Les échanges tournent autour des spécificités du métiers, des risques inhérents aux chantiers, des points de sécurité litigieux. Il serait assez abscons d’en lister ici le détail. Parfois, au détour d’une analyse purement professionnelle, le discours s’échappe vers des considérations plus sociales et politiques. C’est Roger qui s’exprime. On ne peut pas le soupçonner d’être un tribun révolutionnaire aguerri. Le gars est nerveux, la diction est heurtée. Le propos n’en est que plus sincère et authentique , exempt de quelque intention de prosélytisme: « On est dans un monde qui marche sur le profit. Qui marche sur l’argent. Et dans le boulot ça se traduit par une pression. Une pression au rendement ». « Le principal c’est de trouver des formes d’organisation entre nous pour réussir à construire des rapports de force face à nos employeurs. Au final, c’est eux qui tirent les profits de notre boulot.
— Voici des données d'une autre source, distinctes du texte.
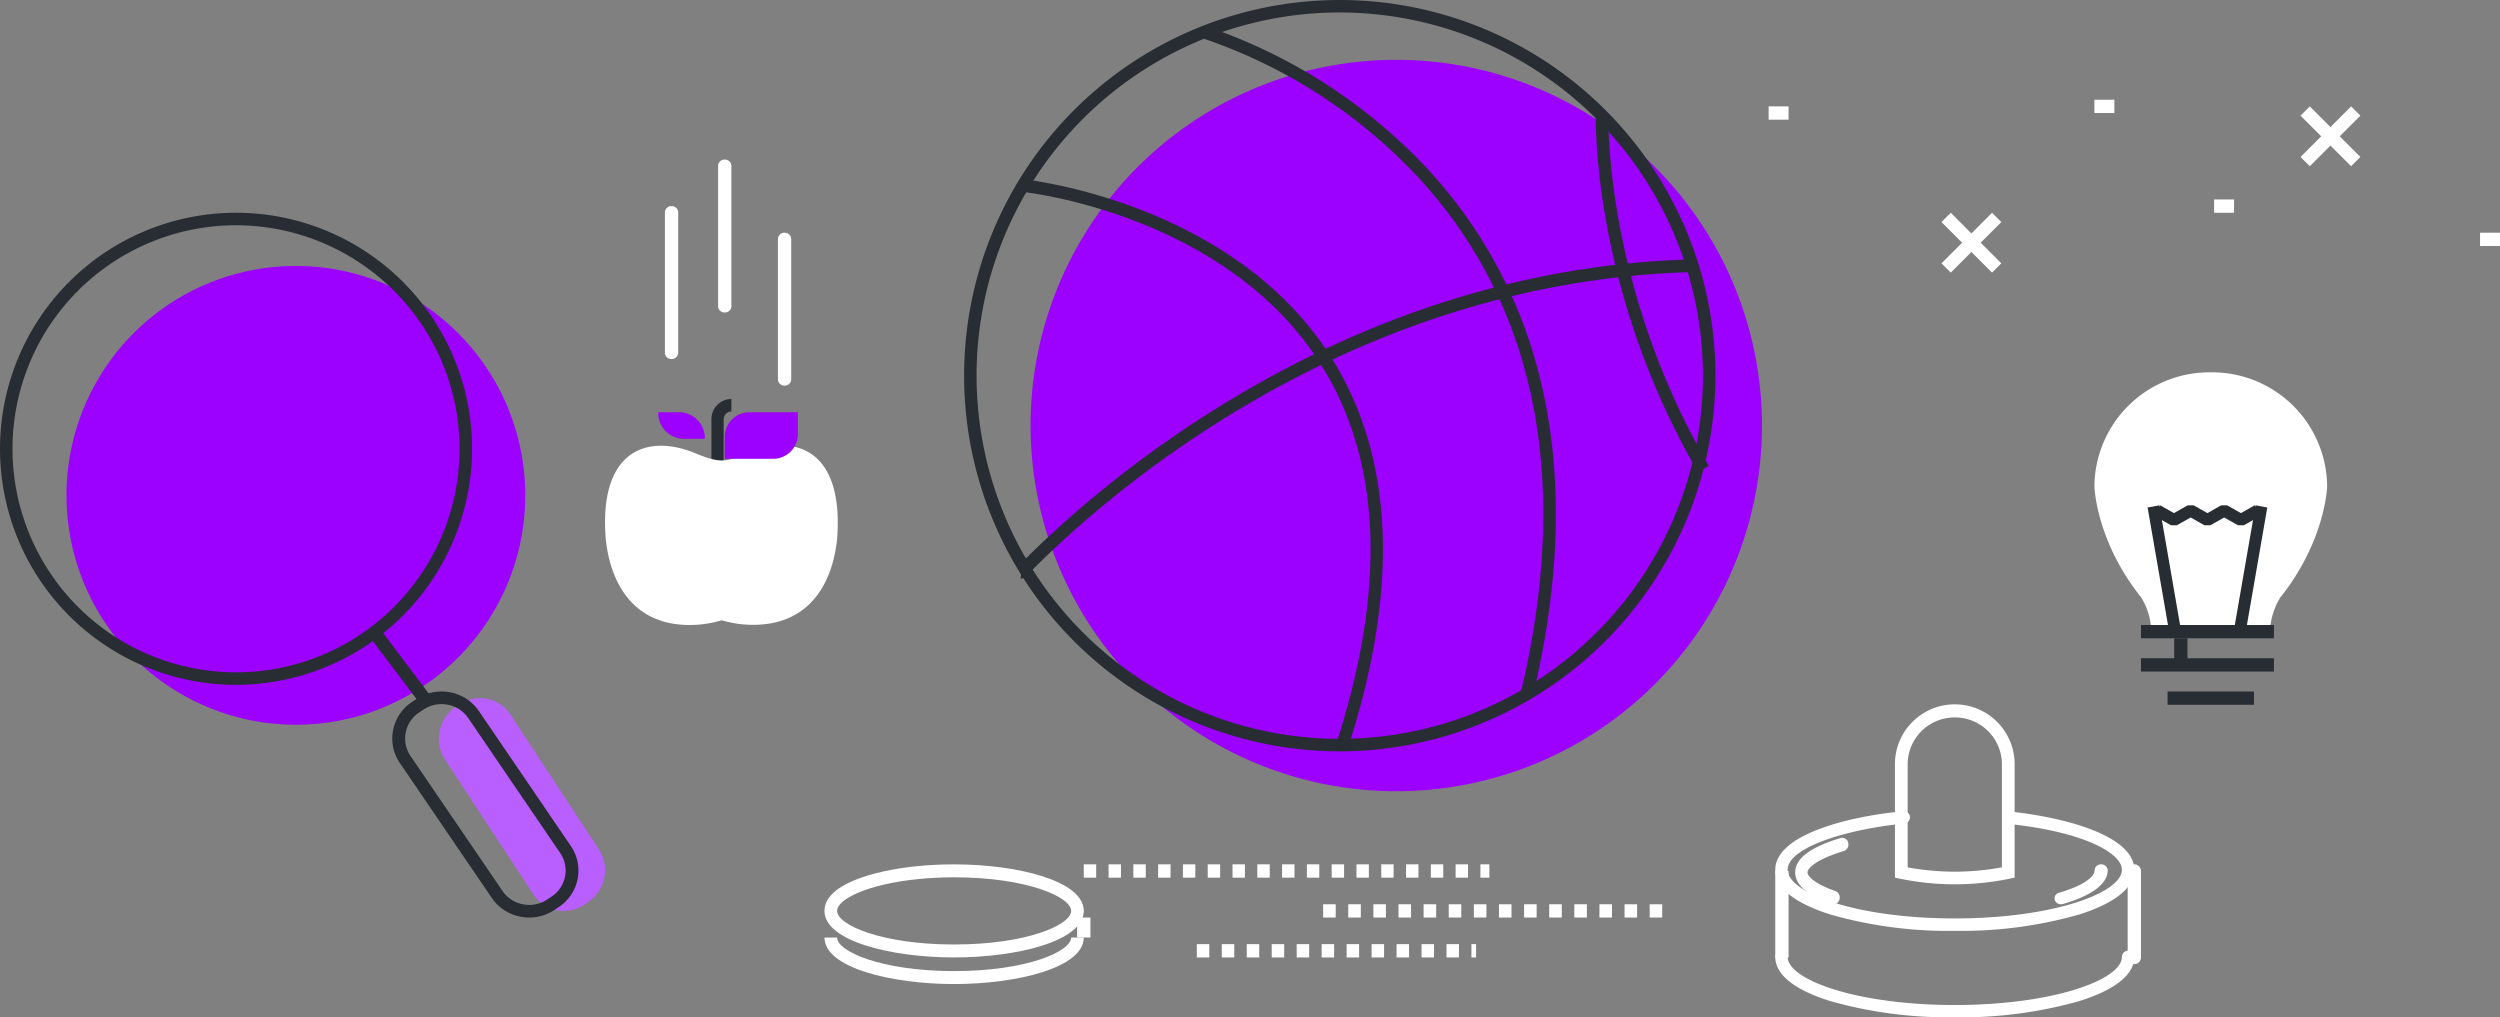 <svg xmlns="http://www.w3.org/2000/svg" xmlns:xlink="http://www.w3.org/1999/xlink" width="376" height="153" viewBox="0 0 376 153"><rect x="0" y="0" width="376" height="153" fill="#808080" stroke="none"/><defs><clipPath id="a"><path d="M0,153H376V0H0Z" fill="none"/></clipPath></defs><path d="M110,55A55,55,0,1,1,55,0a55,55,0,0,1,55,55" transform="translate(155 9)" fill="#9c00ff"/><path d="M56.5,113A56.5,56.5,0,1,1,113,56.5,56.564,56.564,0,0,1,56.5,113Zm0-111.125A54.624,54.624,0,1,0,111.124,56.5,54.686,54.686,0,0,0,56.5,1.876Z" transform="translate(145)" fill="#282d33"/><path d="M48.562,86l-1.768-.6c7.8-23.707,7.051-43.128-2.221-57.723C30.3,5.206.3,1.92,0,1.889L.184,0c.31.031,31.179,3.395,45.948,26.631,9.6,15.106,10.419,35.081,2.43,59.369" transform="translate(154 27)" fill="#282d33"/><path d="M49.472,101l-1.84-.437c4.4-18.19,4.624-34.7.668-49.071A69.1,69.1,0,0,0,31.02,21.331,79.1,79.1,0,0,0,0,1.8L.527,0A81.232,81.232,0,0,1,32.383,20.03,70.968,70.968,0,0,1,50.125,51c4.04,14.679,3.82,31.5-.653,50" transform="translate(181 4)" fill="#282d33"/><path d="M15.358,54C-.787,26.192,0,.259.009,0L1.9.07C1.892.324,1.14,25.747,17,53.064Z" transform="translate(240 17)" fill="#282d33"/><path d="M.644,48a1.259,1.259,0,0,1-.153-.01L.744,46.1l-.138.945L0,46.312c.05-.047.167-.167.348-.353C10.57,35.491,48.109,1.239,101.957,0L102,1.91C48.859,3.133,11.786,36.964,1.689,47.3c-.481.492-.68.7-1.045.7" transform="translate(153 39)" fill="#282d33"/><path d="M27,18A64.6,64.6,0,0,1,8.287,15.541C2.866,13.826,0,11.5,0,8.819,0,3.693,10.368.866,19.246,0a.934.934,0,0,1,.181,1.859C10.914,2.69,1.866,5.409,1.866,8.819c0,3.46,10.322,7.314,25.134,7.314s25.134-3.854,25.134-7.314c0-2.545-5.857-5.734-17.05-6.9A.934.934,0,0,1,35.278.057C43.915.959,54,3.8,54,8.819c0,2.683-2.866,5.007-8.287,6.722A64.607,64.607,0,0,1,27,18" transform="translate(267 122)" fill="#fff"/><path d="M27,10A65.3,65.3,0,0,1,8.287,7.569C2.866,5.874,0,3.575,0,.923A.928.928,0,0,1,.933,0a.928.928,0,0,1,.933.923c0,3.42,10.322,7.231,25.134,7.231S52.134,4.343,52.134.923A.933.933,0,0,1,54,.923c0,2.652-2.866,4.95-8.287,6.646A65.3,65.3,0,0,1,27,10" transform="translate(267 143)" fill="#fff"/><path d="M0,153H376V0H0Z" fill="none"/><g clip-path="url(#a)"><path d="M0,13H2V0H0Z" transform="translate(267 131)" fill="#fff"/><path d="M1,15a.99.99,0,0,1-1-.979V.979A.989.989,0,0,1,1,0,.989.989,0,0,1,2,.979V14.021A.99.99,0,0,1,1,15" transform="translate(320 130)" fill="#fff"/><path d="M9,27a41.005,41.005,0,0,1-8.238-.841L0,26V8.932a9,9,0,0,1,18,0V26l-.762.156A41.019,41.019,0,0,1,9,27ZM9,1.9A7.07,7.07,0,0,0,1.911,8.932V24.45A39.073,39.073,0,0,0,9,25.1a39.071,39.071,0,0,0,7.089-.653V8.932A7.07,7.07,0,0,0,9,1.9Z" transform="translate(285 106)" fill="#fff"/><path d="M5.768,10a.843.843,0,0,1-.283-.049C1.794,8.641,0,7.092,0,5.214,0,3.122,2.235,1.428,6.833.036A.917.917,0,0,1,7.967.746a1.03,1.03,0,0,1-.645,1.247C3,3.3,1.845,4.633,1.845,5.214c0,.134.118,1.354,4.207,2.805A1.038,1.038,0,0,1,6.646,9.3a.936.936,0,0,1-.878.7" transform="translate(270 126)" fill="#fff"/><path d="M.985,6a.981.981,0,0,1-.936-.609A.867.867,0,0,1,.679,4.277C3.98,3.308,6.03,2.007,6.03.883A.938.938,0,0,1,7.015,0,.938.938,0,0,1,8,.883c0,2.03-2.32,3.784-6.709,5.073A1.08,1.08,0,0,1,.985,6" transform="translate(309 130)" fill="#fff"/><path d="M19.5,14C10.047,14,0,11.547,0,7,0,3.064,7.208.942,13.955.269,15.75.091,17.616,0,19.5,0,28.953,0,39,2.453,39,7S28.953,14,19.5,14Zm0-12.053c-1.82,0-3.625.088-5.362.26C6.475,2.973,1.9,5.245,1.9,7c0,2.109,6.7,5.052,17.6,5.052S37.1,9.11,37.1,7,30.407,1.948,19.5,1.948Z" transform="translate(124 130)" fill="#fff"/><path d="M19.5,7C10.047,7,0,4.547,0,0H1.9c0,2.11,6.7,5.052,17.6,5.052S37.1,2.11,37.1,0H39c0,4.547-10.047,7-19.5,7" transform="translate(124 141)" fill="#fff"/><path d="M0,3H2V0H0Z" transform="translate(162 138)" fill="#fff"/><path d="M61,2H59.655V0H61V2ZM57.79,2H55.926V0H57.79V2ZM54.062,2H52.2V0h1.865V2ZM50.333,2H48.47V0h1.864V2ZM46.6,2H44.741V0H46.6V2ZM42.877,2H41.012V0h1.865V2ZM39.148,2H37.284V0h1.864V2ZM35.42,2H33.556V0H35.42V2ZM31.692,2H29.827V0h1.865V2ZM27.963,2H26.1V0h1.864V2ZM24.234,2H22.37V0h1.864V2ZM20.507,2H18.642V0h1.865V2ZM16.778,2H14.914V0h1.864V2ZM13.049,2H11.185V0h1.864V2ZM9.321,2H7.457V0H9.321V2ZM5.593,2H3.729V0H5.593V2ZM1.864,2H0V0H1.864V2Z" transform="translate(163 130)" fill="#fff"/><path d="M51,2H49.111V0H51V2ZM47.222,2H45.333V0h1.889V2ZM43.445,2H41.556V0h1.889V2ZM39.667,2H37.778V0h1.889V2ZM35.889,2H34V0h1.889V2ZM32.111,2H30.222V0h1.889V2ZM28.333,2H26.445V0h1.888V2ZM24.556,2H22.667V0h1.889V2ZM20.777,2H18.889V0h1.888V2ZM17,2H15.111V0H17V2ZM13.222,2H11.334V0h1.888V2ZM9.445,2H7.556V0H9.445V2ZM5.666,2H3.778V0H5.666V2ZM1.889,2H0V0H1.889V2Z" transform="translate(199 136)" fill="#fff"/><path d="M42,2h-.695V0H42V2ZM39.429,2H37.551V0h1.878V2ZM35.673,2H33.8V0h1.877V2ZM31.919,2H30.041V0h1.877V2ZM28.164,2H26.285V0h1.878V2ZM24.408,2H22.531V0h1.877V2ZM20.653,2H18.776V0h1.877V2ZM16.9,2H15.02V0H16.9V2ZM13.143,2H11.265V0h1.877V2ZM9.388,2H7.511V0H9.388V2ZM5.633,2H3.755V0H5.633V2ZM1.877,2H0V0H1.877V2Z" transform="translate(180 142)" fill="#fff"/><path d="M8.551,39H26.418a10.161,10.161,0,0,1,1.568-5.176C34.578,25.536,35,17.643,35,17.084A17.292,17.292,0,0,0,17.5,0,17.29,17.29,0,0,0,0,17.084c0,.559.411,8.448,7.011,16.74A10.045,10.045,0,0,1,8.551,39" transform="translate(315 56)" fill="#fff"/><path d="M3.238,19,0,.329,1.762,0,5,18.67Z" transform="translate(323 76)" fill="#282d33"/><path d="M1.763,19,0,18.67,3.238,0,5,.33Z" transform="translate(336 76)" fill="#282d33"/><path d="M12.593,3l-2.08-1.171L8.437,3H7.551L5.476,1.829,3.4,3H2.514L0,1.579.888,0l2.071,1.17L5.033,0h.886L7.994,1.171,10.069,0h.885l2.08,1.171L15.115,0,16,1.579,13.478,3Z" transform="translate(324 76)" fill="#282d33"/><path d="M0,2H20V0H0Z" transform="translate(322 94)" fill="#282d33"/><path d="M0,2H20V0H0Z" transform="translate(322 99)" fill="#282d33"/><path d="M0,2H13V0H0Z" transform="translate(326 104)" fill="#282d33"/><path d="M0,4H2V0H0Z" transform="translate(327 96)" fill="#282d33"/><path d="M4.112,4H7V3.652A3.9,3.9,0,0,0,2.89,0H0V.348A3.9,3.9,0,0,0,4.112,4" transform="translate(99 62)" fill="#9c00ff"/><path d="M1.837,12H0V3.085A3.047,3.047,0,0,1,3,0V1.888a1.182,1.182,0,0,0-1.163,1.2Z" transform="translate(107 60)" fill="#282d33"/><path d="M13.732,1.233c3.6,1.468,4.436,1.247,7.483-.015,7.169-3.1,14.752-.8,13.684,12.855-.722,6.9-4.311,12.887-12.573,12.9a16.47,16.47,0,0,1-4.792-.686,16.463,16.463,0,0,1-4.8.71C4.484,27.016.867,21.045.113,14.148-1.02.5,6.546-1.828,13.732,1.233" transform="translate(91 67)" fill="#fff"/><path d="M0,3.692V7H7.282A3.706,3.706,0,0,0,11,3.307V0H3.718A3.7,3.7,0,0,0,0,3.692" transform="translate(109 62)" fill="#9c00ff"/><path d="M1,23a.97.97,0,0,1-1-.937V.937A.97.97,0,0,1,1,0,.97.97,0,0,1,2,.937V22.063A.97.97,0,0,1,1,23" transform="translate(108 24)" fill="#fff"/><path d="M1,23a.97.97,0,0,1-1-.937V.937A.97.97,0,0,1,1,0,.97.97,0,0,1,2,.937V22.063A.97.97,0,0,1,1,23" transform="translate(100 31)" fill="#fff"/><path d="M1,23a.97.97,0,0,1-1-.937V.937A.97.97,0,0,1,1,0,.97.97,0,0,1,2,.937V22.063A.97.97,0,0,1,1,23" transform="translate(117 35)" fill="#fff"/><path d="M1.394,9,0,7.606,7.606,0,9,1.394Z" transform="translate(346 16)" fill="#fff"/><path d="M7.606,9,0,1.394,1.394,0,9,7.606Z" transform="translate(346 16)" fill="#fff"/><path d="M1.394,9,0,7.606,7.606,0,9,1.394Z" transform="translate(292 32)" fill="#fff"/><path d="M7.606,9,0,1.394,1.394,0,9,7.606Z" transform="translate(292 32)" fill="#fff"/><path d="M0,2H3V0H0Z" transform="translate(266 16)" fill="#fff"/><path d="M0,2H3V0H0Z" transform="translate(315 15)" fill="#fff"/><path d="M0,2H3V0H0Z" transform="translate(373 35)" fill="#fff"/><path d="M0,2H3V0H0Z" transform="translate(333 30)" fill="#fff"/><path d="M69,34.5A34.5,34.5,0,1,1,34.5,0,34.5,34.5,0,0,1,69,34.5" transform="translate(10 40)" fill="#9c00ff"/><path d="M22.539,30.617l-.632.431a5.5,5.5,0,0,1-7.707-1.56L.933,9.248A5.759,5.759,0,0,1,2.461,1.384L3.093.952A5.5,5.5,0,0,1,10.8,2.512l13.268,20.24a5.759,5.759,0,0,1-1.528,7.865" transform="translate(66 105)" fill="#b95eff"/><path d="M35.5,71A35.5,35.5,0,1,1,71,35.5,35.54,35.54,0,0,1,35.5,71Zm0-69.118A33.618,33.618,0,1,0,69.118,35.5,33.656,33.656,0,0,0,35.5,1.882Z" transform="translate(0 32)" fill="#282d33"/><path d="M20.61,34a7.052,7.052,0,0,1-1.337-.13,6.716,6.716,0,0,1-4.3-2.812L1.139,10.754A6.5,6.5,0,0,1,.126,5.8,6.582,6.582,0,0,1,3,1.55l.659-.433A6.788,6.788,0,0,1,7.391,0,7,7,0,0,1,8.726.13a6.716,6.716,0,0,1,4.3,2.812l13.832,20.3A6.5,6.5,0,0,1,27.874,28.2,6.584,6.584,0,0,1,25,32.45l-.659.433A6.784,6.784,0,0,1,20.61,34ZM7.394,1.9a4.843,4.843,0,0,0-2.664.8l-.659.434A4.7,4.7,0,0,0,2.02,6.159,4.641,4.641,0,0,0,2.743,9.7L16.575,30a4.8,4.8,0,0,0,3.073,2.007,5.025,5.025,0,0,0,.957.093,4.842,4.842,0,0,0,2.665-.8l.659-.433A4.7,4.7,0,0,0,25.98,27.84a4.64,4.64,0,0,0-.724-3.54L11.425,4A4.8,4.8,0,0,0,8.351,1.989,5.031,5.031,0,0,0,7.394,1.9Z" transform="translate(59 104)" fill="#282d33"/><path d="M8.3,12,0,1.01,1.7,0,10,10.989Z" transform="translate(55 94)" fill="#282d33"/></g></svg>

Nous on est juste là pour vendre notre force de travail, et eux ils tirent les profits de notre boulot. » Au-delà des problématiques inhérentes à chaque corps de métier, les problèmes et les dysfonctionnement dans le monde du travail prennent source dans ces quelques mots jetés à la volée, un samedi matin sur un parking d’usine : profit, argent, pression, rendement. Mais, plus réjouissant, viennent aussi ceux qui portent en eux les germes d’une résistance : organisation, construire des rapports de force.
16 heures approche. La famille de Quentin a quitté les lieux il y a un moment déjà, éprouvée, mais soulagée. Les proches d’Arthur et Vincent sont partis également. Restent quelques cordistes, ferraillant sur des points de sécurité, des spécificités techniques. La pluie qui nous a épargnés tout le jour se fait menaçante. Conformément à nos engagements à 16 heures pile nous levons le camp. Conformément à nos engagements, derrière nous le parking est demeuré propre.
Pas une goutte d’alcool n’a circulé durant ces 6 heures de présence. Sans rien céder au fond ni à la force du propos, les paroles n’ont pas un instant versé dans l’outrance ou l’invective.
« L’ambiance cordiste » n’évoquant pas en général les Nocturnes de Chopin, ce simple constat est source de satisfaction. Ne serait-ce que de ces points de vue éthiques et organisationnels, cette journée serait déjà un succès. De l’avis général, elle le fut bien au-delà.
Comme nous l’avions écrit dans le visuel annonçant le rassemblement, nous avons été fiers, dignes, unis, responsables. Exemplaires, j’ai envie d’ajouter.